Senator GORTON - I saw this morning in the " Canberra Times " a report of the statement I made in Canberra last night to the conference held to celebrate the International Co-operation Year. I was delighted to see that it was, as far as I could tell, a completely factual and completely accurate account and a perfectly concise presentation of exactly what I said, which is not usually found in newspapers. That answers the first point which the honorable senator raised. I endeavoured to put forward the proposition that it had been hoped that the United Nations, and its predecessors in various forms, might have shown how there could be some alternative to unilateral power and force as a means of settling international disputes. But I pointed out how the use of the veto, the extension of the veto, the examples of small countries, such as Hungary, which had not been able to be helped, and other illustrations all indicated that in the political field power politics was still with us and that the United Nations had not provided the answer which some people had hoped it might provide.

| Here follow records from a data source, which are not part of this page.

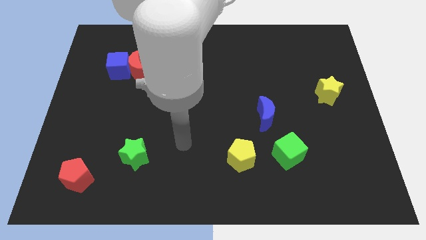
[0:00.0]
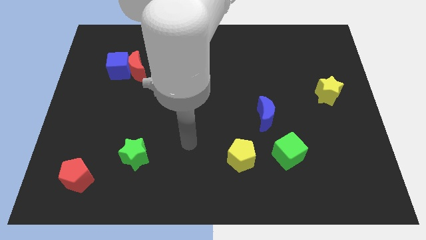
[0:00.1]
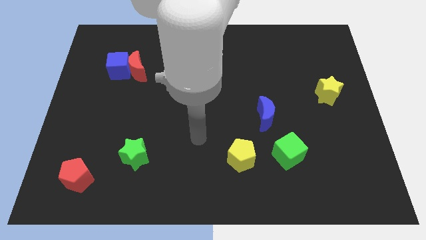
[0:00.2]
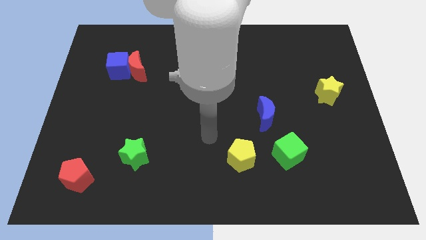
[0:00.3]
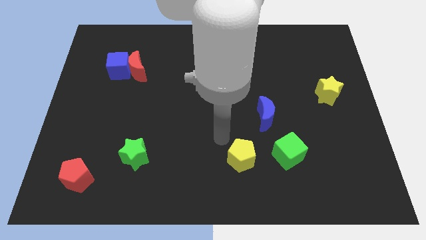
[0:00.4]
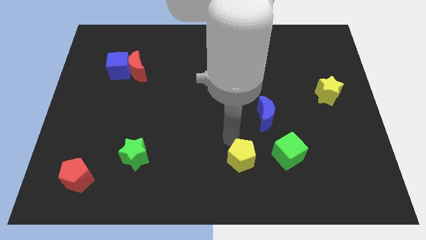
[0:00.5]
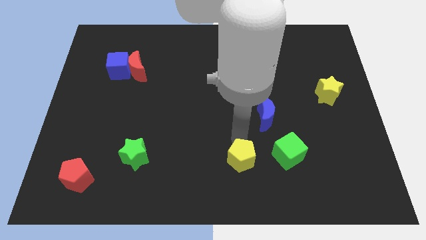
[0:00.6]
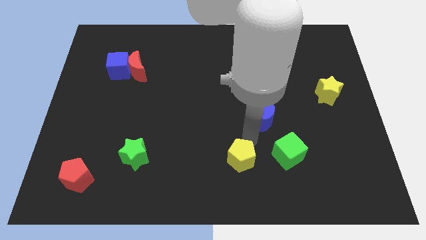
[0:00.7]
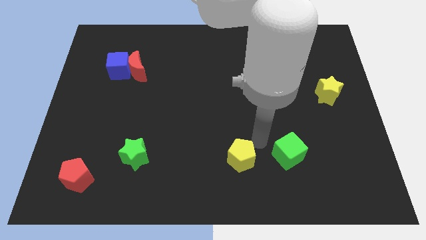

I went on to point out that there were avenues of co-operation between nations, which are being helped and assisted by this Government at other levels, which might eventually, one might hope, lead to the growth of what was originally hoped for. This, as I pointed out in the first part of my speech, was not an attack on the United Nations but merely an endeavour to examine factually the organisation which had been set up to see how it could work, what could be expected of it and how it could be improved. The assistance which the Australian Government is giving in fields of cooperation, not only through the United Nations but through the Colombo Plan and from other sources, is, I think, a practical step in real international co-operation.